The growing integration of AI chatbots into health decision-making faces a critical barrier: people's existing beliefs may determine whether they actually learn accurate information, even when using sophisticated verification tools. This finding challenges assumptions that AI assistance automatically improves health literacy across all users.

When 103 participants used ChatGPT to fact-check deliberately mixed-accuracy Facebook posts about gluten-free diets, source credibility markers proved surprisingly ineffective on their own. Expert-labeled sources failed to enhance objective knowledge compared to non-expert sources. However, participants who already held favorable attitudes toward the health topic showed significantly better knowledge gains when information came from expert sources.
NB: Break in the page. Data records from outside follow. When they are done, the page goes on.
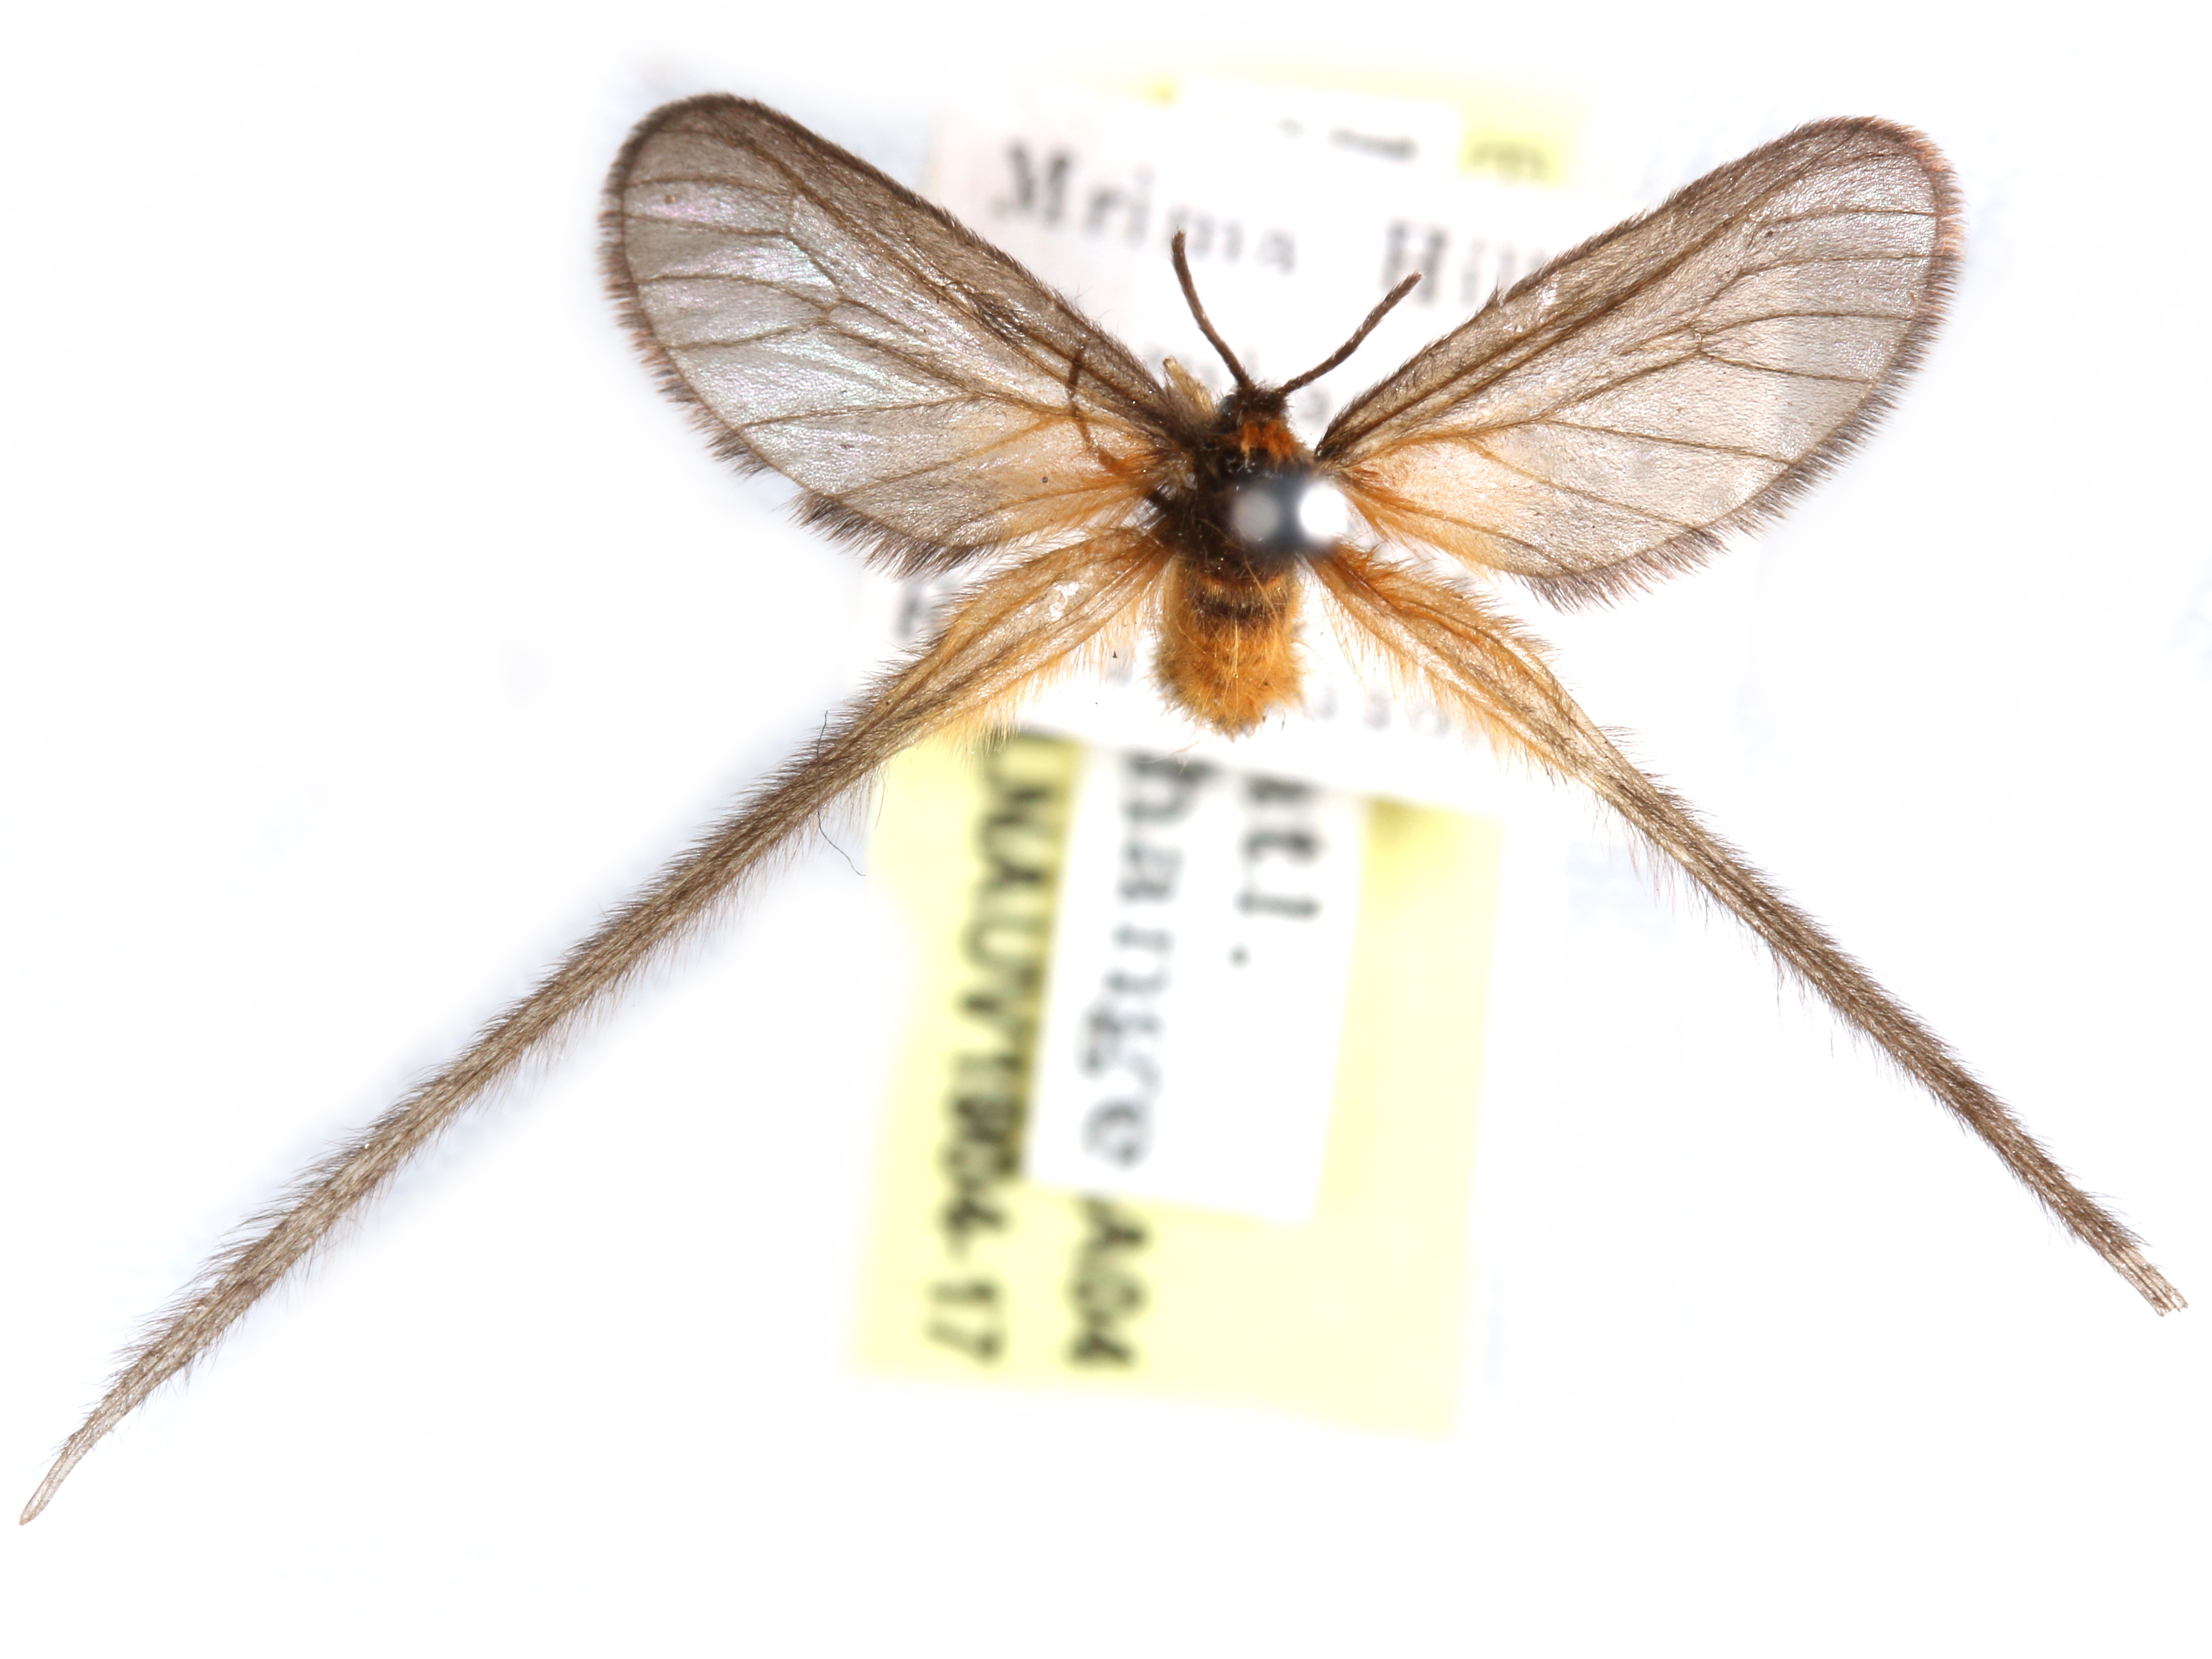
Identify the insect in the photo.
Doratopteryx steniptera
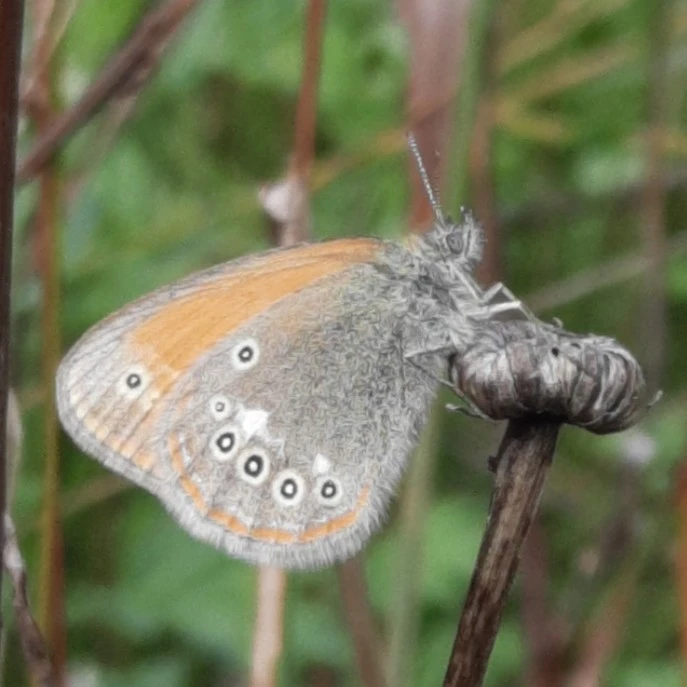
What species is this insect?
Coenonympha glycerion (also Coenonympha iphis)
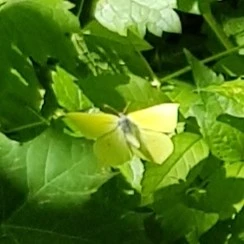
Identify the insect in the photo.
Gonepteryx rhamni
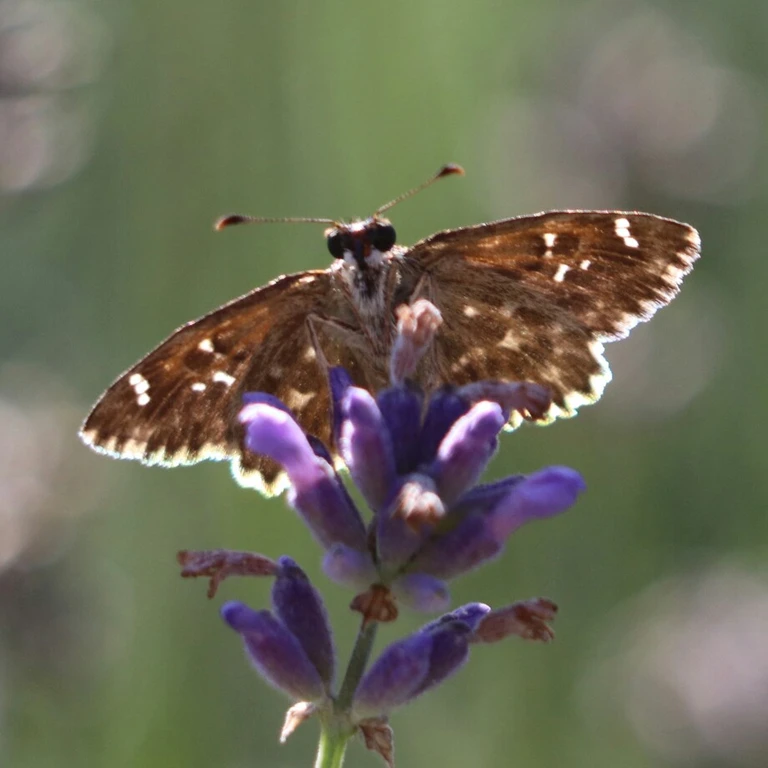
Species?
Carcharodus alceae
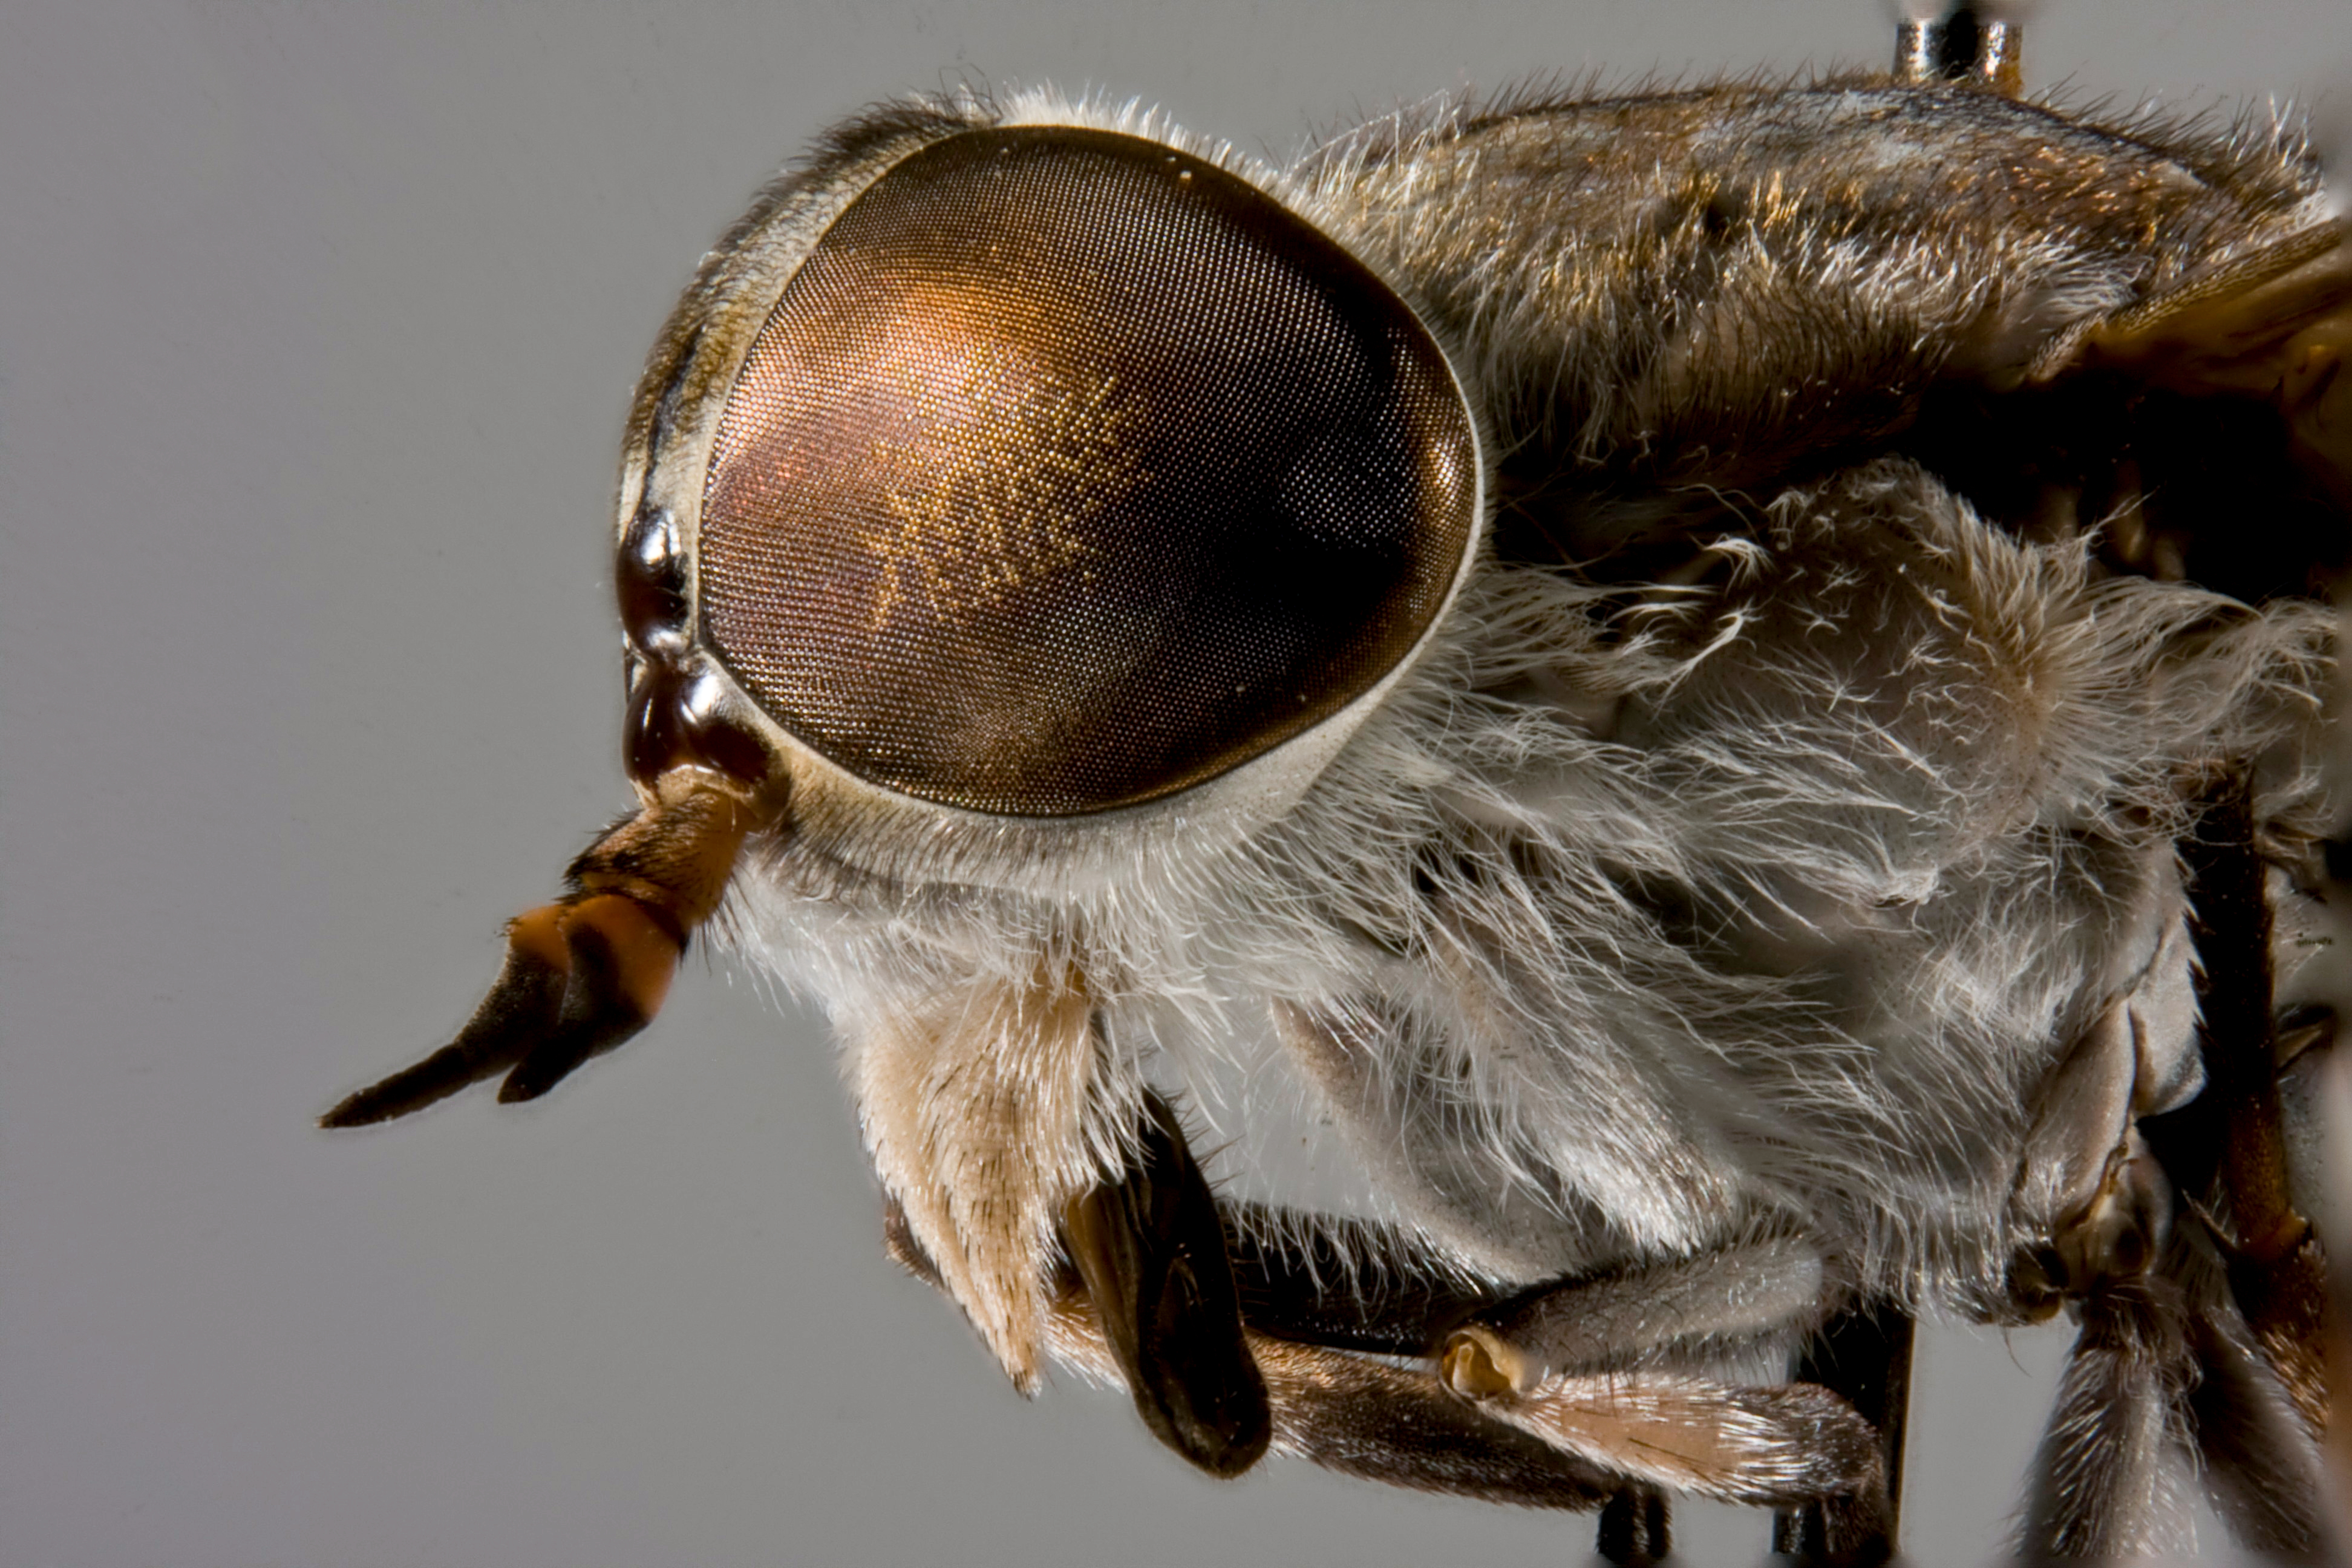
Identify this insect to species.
Tabanus caenosus

The AI verification process itself did not override these pre-existing cognitive biases.

This research exposes a fundamental limitation in how people process health information, even with AI support. The dual-process theory of cognition appears to govern AI-assisted verification just as it does traditional information processing—people still rely heavily on mental shortcuts and existing beliefs rather than purely analytical thinking. For health communication, this suggests that AI tools may inadvertently amplify existing disparities in health knowledge rather than democratizing access to accurate information. The implications are particularly concerning for public health campaigns, where AI-assisted verification was hoped to help combat misinformation universally. Instead, these tools may be most effective for individuals who already possess favorable attitudes toward evidence-based health information, potentially widening the gap between health-literate and health-illiterate populations. The study's small sample size limits broader generalizability, but the pattern suggests AI integration in health communication requires more nuanced strategies that account for individual cognitive predispositions.